++++ Record set ++++

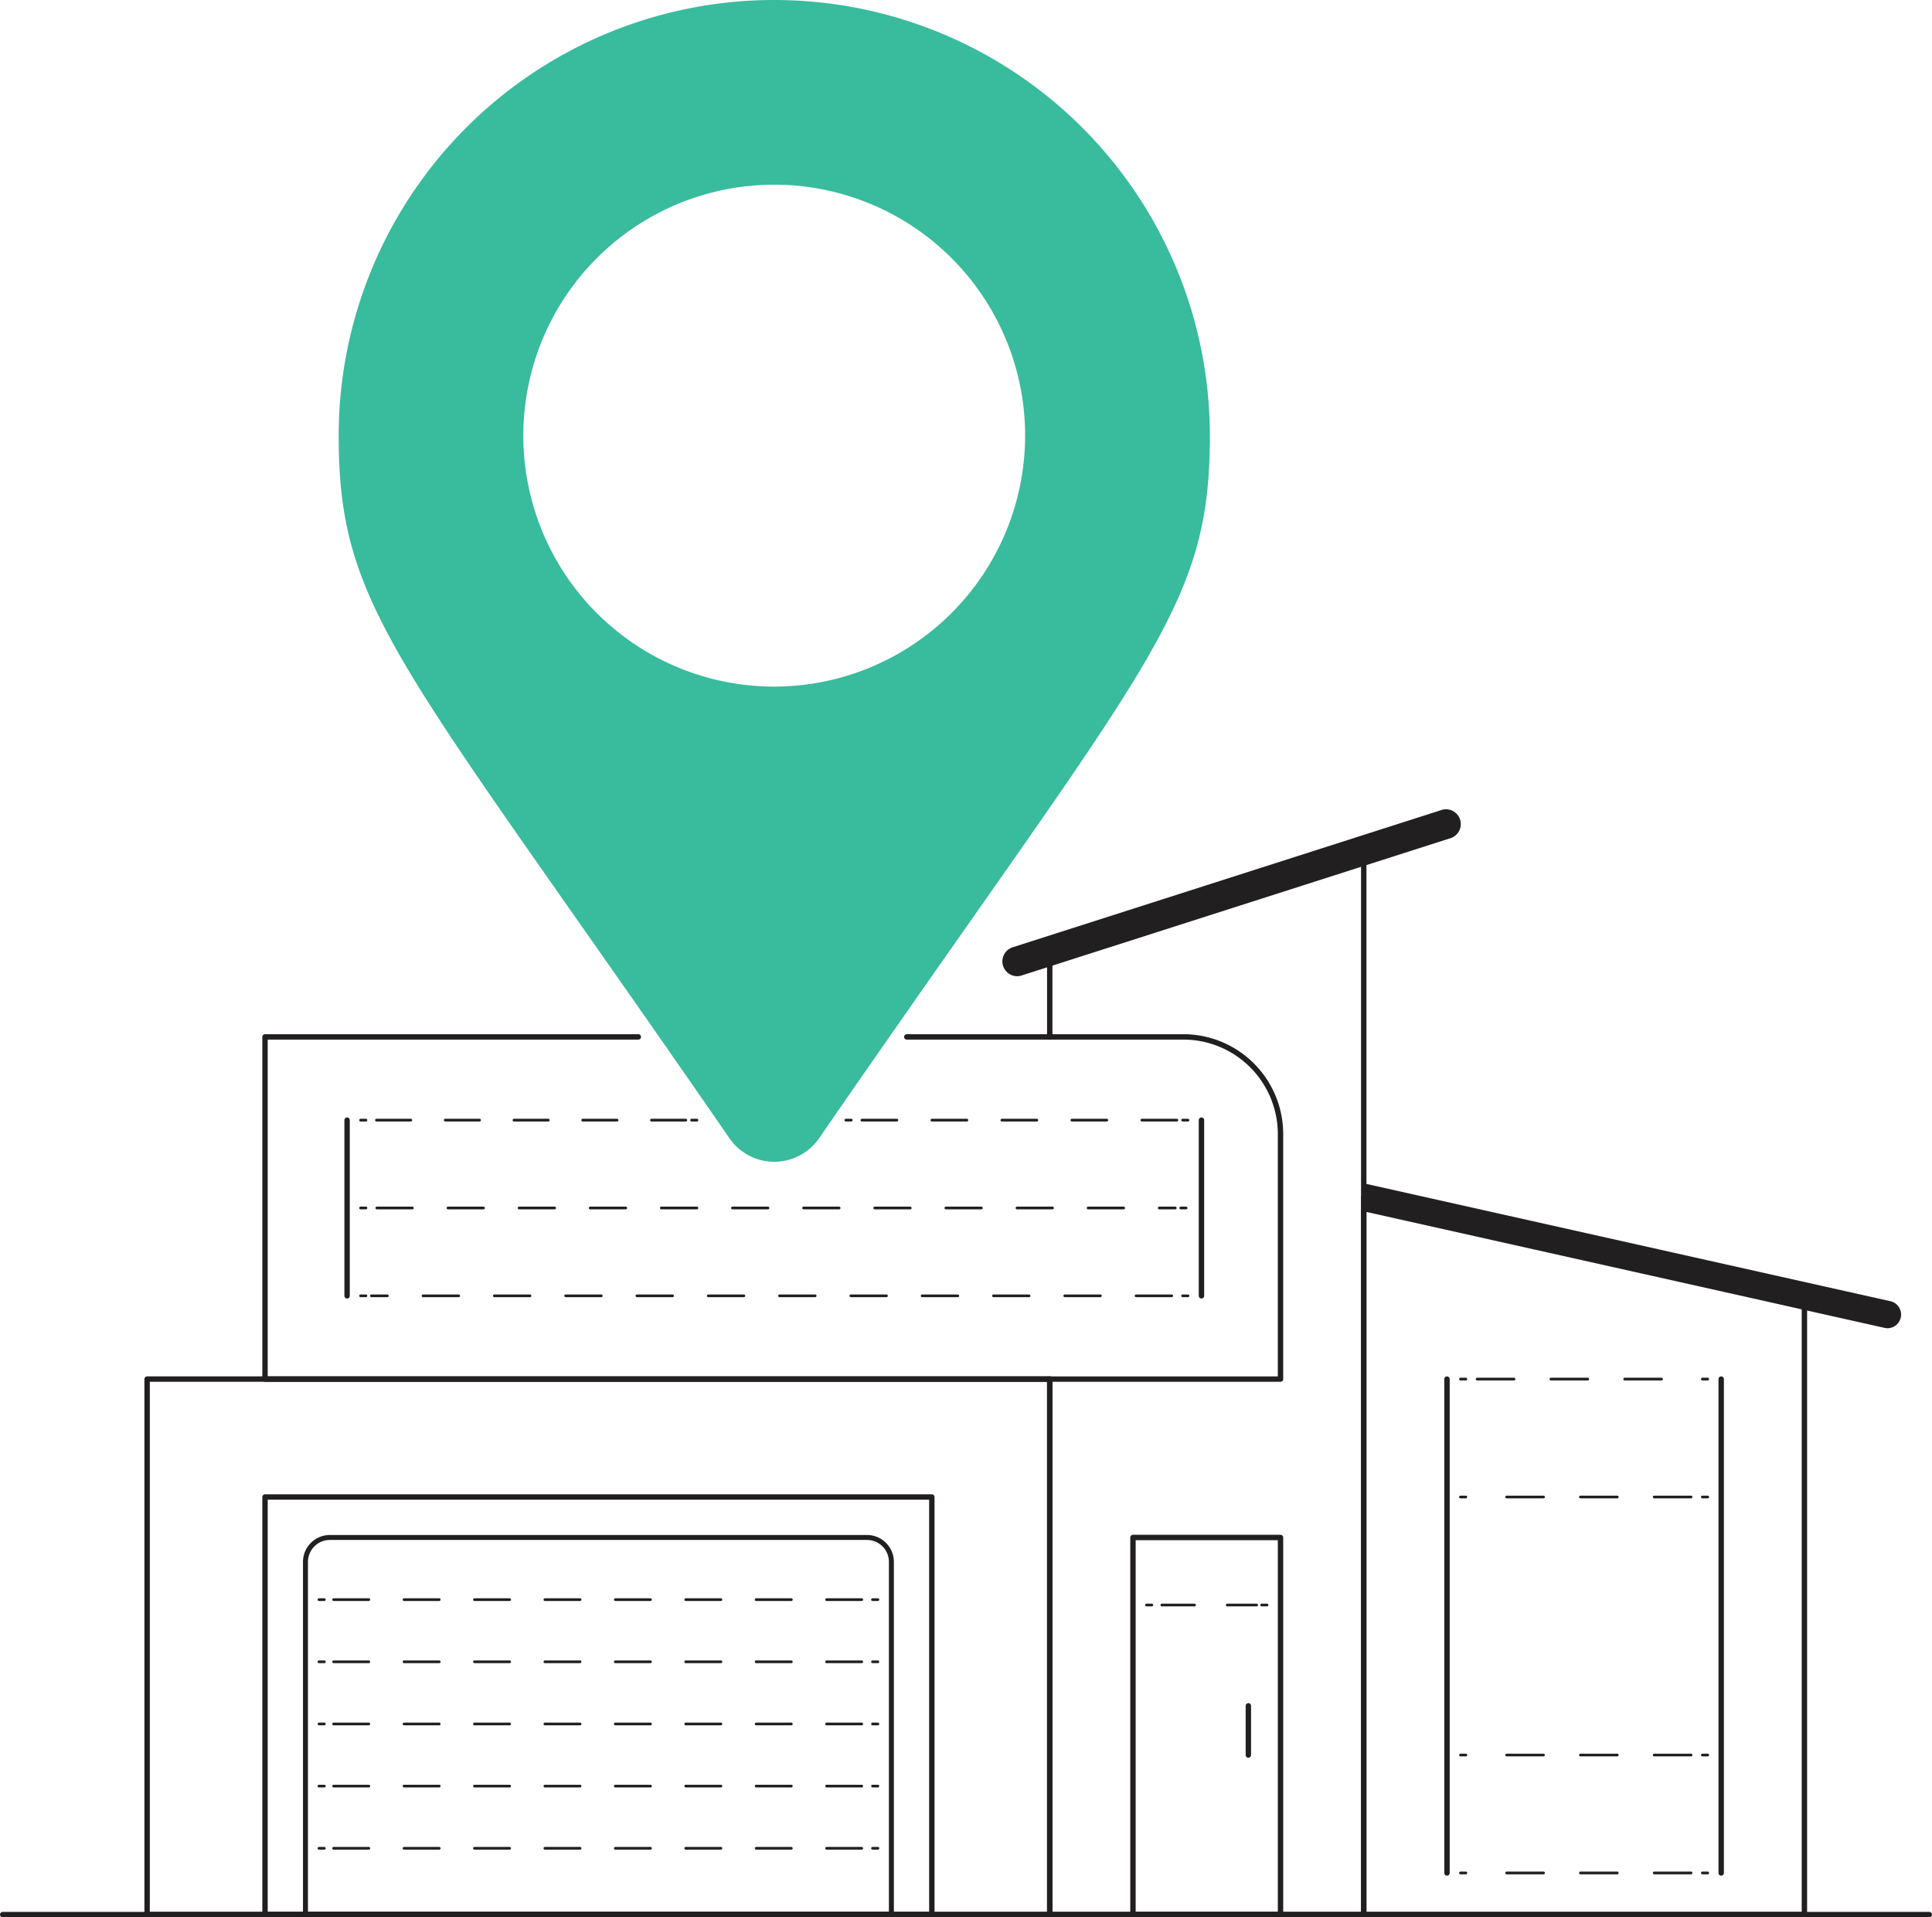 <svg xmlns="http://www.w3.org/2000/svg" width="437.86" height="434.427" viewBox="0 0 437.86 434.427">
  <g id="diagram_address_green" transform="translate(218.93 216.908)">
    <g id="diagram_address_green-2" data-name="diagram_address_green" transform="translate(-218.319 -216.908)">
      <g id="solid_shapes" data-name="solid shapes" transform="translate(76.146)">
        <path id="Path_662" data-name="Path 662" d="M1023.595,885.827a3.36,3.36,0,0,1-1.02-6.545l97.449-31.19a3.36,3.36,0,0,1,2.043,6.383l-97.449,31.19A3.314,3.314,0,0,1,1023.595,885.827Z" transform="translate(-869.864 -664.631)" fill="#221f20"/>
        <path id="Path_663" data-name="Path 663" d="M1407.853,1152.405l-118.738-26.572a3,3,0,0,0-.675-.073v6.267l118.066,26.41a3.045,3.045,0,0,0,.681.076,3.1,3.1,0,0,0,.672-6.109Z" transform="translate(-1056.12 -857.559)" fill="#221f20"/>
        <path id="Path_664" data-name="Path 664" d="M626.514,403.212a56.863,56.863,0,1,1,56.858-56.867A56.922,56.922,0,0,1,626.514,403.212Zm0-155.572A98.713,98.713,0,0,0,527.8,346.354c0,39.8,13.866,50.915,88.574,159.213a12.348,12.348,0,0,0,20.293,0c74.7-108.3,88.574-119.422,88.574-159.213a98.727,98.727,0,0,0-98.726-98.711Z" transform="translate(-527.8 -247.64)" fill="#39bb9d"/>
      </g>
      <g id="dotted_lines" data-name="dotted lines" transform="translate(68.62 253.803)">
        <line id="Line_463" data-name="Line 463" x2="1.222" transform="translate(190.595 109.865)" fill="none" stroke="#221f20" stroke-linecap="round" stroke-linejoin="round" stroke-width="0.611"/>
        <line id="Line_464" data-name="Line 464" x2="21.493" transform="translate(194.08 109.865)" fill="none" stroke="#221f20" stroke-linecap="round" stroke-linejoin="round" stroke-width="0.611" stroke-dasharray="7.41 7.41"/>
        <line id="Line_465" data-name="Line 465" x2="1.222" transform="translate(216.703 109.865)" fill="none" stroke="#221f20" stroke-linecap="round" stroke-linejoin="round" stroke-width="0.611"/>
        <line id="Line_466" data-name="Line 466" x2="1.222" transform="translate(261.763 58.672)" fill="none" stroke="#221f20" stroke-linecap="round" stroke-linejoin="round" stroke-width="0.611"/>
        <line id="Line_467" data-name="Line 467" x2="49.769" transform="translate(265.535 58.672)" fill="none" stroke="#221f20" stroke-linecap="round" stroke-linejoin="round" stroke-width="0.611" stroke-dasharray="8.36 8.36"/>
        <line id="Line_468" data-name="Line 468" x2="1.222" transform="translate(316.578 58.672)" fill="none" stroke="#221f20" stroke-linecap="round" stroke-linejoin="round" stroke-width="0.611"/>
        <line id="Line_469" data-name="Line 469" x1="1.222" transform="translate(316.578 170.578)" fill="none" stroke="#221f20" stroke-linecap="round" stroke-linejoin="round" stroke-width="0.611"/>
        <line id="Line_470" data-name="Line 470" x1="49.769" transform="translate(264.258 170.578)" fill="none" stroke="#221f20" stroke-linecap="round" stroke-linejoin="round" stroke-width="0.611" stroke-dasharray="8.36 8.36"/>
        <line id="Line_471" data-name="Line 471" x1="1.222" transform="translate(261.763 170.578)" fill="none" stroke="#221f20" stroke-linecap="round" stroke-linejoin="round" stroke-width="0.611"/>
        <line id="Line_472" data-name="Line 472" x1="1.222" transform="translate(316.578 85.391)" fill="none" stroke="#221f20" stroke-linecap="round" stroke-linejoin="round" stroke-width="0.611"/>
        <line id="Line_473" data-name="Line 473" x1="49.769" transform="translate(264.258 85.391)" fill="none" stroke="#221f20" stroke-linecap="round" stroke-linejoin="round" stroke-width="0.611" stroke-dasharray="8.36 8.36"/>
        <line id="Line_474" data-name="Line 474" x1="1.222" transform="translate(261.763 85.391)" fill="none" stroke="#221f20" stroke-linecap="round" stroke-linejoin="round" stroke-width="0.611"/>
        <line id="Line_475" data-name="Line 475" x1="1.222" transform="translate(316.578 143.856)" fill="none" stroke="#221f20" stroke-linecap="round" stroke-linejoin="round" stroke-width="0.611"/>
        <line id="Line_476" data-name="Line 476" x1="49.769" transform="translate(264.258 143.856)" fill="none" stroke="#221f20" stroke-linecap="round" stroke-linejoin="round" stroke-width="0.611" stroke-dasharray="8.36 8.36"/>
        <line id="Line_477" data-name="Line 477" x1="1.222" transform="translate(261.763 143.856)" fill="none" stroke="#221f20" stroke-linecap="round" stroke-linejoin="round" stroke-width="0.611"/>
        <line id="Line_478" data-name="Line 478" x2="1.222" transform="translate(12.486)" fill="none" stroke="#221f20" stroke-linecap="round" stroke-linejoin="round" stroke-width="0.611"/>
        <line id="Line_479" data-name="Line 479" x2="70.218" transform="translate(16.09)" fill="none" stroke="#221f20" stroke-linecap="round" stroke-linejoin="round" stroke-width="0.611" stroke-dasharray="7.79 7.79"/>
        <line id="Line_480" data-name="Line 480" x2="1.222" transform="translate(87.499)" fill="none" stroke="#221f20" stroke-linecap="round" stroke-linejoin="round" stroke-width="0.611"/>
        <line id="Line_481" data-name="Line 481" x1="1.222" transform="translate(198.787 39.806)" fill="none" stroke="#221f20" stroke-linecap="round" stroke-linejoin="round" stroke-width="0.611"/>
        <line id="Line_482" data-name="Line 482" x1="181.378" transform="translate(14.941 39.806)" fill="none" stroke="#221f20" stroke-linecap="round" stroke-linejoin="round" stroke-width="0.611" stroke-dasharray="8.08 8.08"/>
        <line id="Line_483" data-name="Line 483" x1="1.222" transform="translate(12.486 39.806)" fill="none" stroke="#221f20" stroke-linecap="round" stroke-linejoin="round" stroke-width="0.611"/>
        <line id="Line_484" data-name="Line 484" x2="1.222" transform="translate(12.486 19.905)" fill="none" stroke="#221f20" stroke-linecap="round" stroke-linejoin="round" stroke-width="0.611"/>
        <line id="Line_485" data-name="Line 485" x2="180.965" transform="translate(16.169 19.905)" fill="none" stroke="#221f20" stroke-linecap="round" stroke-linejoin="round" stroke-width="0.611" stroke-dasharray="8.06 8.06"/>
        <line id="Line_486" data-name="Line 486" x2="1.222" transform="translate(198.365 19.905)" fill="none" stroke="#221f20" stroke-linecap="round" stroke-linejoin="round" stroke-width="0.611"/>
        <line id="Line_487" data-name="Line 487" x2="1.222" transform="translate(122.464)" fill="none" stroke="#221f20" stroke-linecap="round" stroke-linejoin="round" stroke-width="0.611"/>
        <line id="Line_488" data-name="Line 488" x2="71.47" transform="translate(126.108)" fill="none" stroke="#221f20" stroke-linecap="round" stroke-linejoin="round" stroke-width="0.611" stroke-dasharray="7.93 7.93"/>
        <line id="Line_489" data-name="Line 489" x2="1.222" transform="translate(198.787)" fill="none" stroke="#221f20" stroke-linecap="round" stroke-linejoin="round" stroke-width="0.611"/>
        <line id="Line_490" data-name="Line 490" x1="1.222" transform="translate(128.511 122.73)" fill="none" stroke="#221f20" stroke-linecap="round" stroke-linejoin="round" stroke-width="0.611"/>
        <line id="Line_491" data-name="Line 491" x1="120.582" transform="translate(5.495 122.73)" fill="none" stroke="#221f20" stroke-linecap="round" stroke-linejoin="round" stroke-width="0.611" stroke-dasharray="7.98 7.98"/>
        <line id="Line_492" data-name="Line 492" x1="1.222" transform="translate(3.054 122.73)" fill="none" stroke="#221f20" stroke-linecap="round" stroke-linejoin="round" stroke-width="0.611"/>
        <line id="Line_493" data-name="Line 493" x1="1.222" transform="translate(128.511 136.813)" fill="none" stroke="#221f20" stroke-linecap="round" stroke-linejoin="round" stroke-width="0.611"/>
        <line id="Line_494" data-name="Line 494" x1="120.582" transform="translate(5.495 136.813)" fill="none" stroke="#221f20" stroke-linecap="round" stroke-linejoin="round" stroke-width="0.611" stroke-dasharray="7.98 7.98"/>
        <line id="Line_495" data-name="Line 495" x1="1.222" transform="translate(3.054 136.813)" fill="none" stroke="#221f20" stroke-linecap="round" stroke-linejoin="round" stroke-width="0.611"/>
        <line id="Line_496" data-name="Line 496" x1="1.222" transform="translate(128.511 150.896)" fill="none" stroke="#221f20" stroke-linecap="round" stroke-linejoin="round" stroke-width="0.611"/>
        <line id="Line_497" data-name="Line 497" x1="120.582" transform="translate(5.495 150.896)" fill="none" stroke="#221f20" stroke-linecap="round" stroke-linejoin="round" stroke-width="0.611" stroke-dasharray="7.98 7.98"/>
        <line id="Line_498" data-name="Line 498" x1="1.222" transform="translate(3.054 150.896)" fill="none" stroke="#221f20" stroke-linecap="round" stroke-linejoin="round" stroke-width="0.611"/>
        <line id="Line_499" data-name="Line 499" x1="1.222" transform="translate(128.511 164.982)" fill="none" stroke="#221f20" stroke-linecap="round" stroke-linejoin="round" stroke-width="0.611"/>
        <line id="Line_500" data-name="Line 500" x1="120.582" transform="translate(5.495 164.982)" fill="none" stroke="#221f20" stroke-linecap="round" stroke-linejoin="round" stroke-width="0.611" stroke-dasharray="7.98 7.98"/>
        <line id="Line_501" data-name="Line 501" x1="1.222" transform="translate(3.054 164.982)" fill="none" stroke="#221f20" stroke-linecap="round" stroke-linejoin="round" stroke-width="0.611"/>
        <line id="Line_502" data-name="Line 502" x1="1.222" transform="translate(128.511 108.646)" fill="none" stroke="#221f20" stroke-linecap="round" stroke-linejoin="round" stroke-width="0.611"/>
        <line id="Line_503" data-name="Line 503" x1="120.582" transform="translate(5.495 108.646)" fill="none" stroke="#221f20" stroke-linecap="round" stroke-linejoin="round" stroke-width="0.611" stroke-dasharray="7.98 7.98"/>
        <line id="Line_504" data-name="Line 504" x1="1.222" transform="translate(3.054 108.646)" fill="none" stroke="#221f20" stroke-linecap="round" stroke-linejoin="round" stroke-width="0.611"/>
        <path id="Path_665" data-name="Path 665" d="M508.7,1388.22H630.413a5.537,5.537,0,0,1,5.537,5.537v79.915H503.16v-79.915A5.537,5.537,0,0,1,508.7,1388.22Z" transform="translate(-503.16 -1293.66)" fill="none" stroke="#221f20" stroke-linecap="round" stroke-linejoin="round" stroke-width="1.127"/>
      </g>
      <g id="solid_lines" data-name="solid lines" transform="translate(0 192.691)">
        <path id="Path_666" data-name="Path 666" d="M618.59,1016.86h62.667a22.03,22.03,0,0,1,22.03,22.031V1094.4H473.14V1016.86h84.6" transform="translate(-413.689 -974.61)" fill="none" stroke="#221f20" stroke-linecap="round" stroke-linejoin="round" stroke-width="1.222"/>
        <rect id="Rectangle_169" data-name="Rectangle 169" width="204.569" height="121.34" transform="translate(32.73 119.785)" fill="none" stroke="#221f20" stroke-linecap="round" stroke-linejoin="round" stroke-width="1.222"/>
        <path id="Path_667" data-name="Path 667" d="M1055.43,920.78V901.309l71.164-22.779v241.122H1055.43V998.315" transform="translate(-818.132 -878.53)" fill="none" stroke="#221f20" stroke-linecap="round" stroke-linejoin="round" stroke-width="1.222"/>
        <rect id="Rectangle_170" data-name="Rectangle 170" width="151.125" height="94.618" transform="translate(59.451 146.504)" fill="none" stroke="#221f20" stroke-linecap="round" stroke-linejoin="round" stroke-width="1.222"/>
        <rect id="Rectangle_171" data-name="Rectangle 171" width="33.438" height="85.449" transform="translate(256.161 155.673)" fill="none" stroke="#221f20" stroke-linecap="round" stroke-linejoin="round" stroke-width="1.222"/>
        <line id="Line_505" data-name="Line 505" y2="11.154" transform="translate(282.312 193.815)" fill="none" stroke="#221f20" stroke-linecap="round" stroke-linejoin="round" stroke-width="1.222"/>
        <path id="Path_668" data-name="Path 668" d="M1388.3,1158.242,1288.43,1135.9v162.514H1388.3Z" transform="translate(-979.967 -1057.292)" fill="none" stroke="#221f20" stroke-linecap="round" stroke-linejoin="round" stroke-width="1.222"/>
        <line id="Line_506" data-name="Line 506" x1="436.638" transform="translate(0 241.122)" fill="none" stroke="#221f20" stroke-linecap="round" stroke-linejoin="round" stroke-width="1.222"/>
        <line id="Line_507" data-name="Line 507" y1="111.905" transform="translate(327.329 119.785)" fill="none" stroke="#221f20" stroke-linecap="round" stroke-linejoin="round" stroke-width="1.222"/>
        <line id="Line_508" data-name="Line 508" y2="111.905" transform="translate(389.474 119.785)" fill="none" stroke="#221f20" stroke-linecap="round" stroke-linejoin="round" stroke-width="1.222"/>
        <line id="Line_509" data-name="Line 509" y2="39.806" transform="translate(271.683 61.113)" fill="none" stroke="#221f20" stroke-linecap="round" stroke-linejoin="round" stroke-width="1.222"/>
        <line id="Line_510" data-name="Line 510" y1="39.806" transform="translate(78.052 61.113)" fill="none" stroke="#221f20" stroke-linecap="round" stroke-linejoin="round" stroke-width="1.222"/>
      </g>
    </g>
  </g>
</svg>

++++

◆ Problem requirements
If a line of the records holds the word "lines", count it; report only the total.

◆ Final answer
2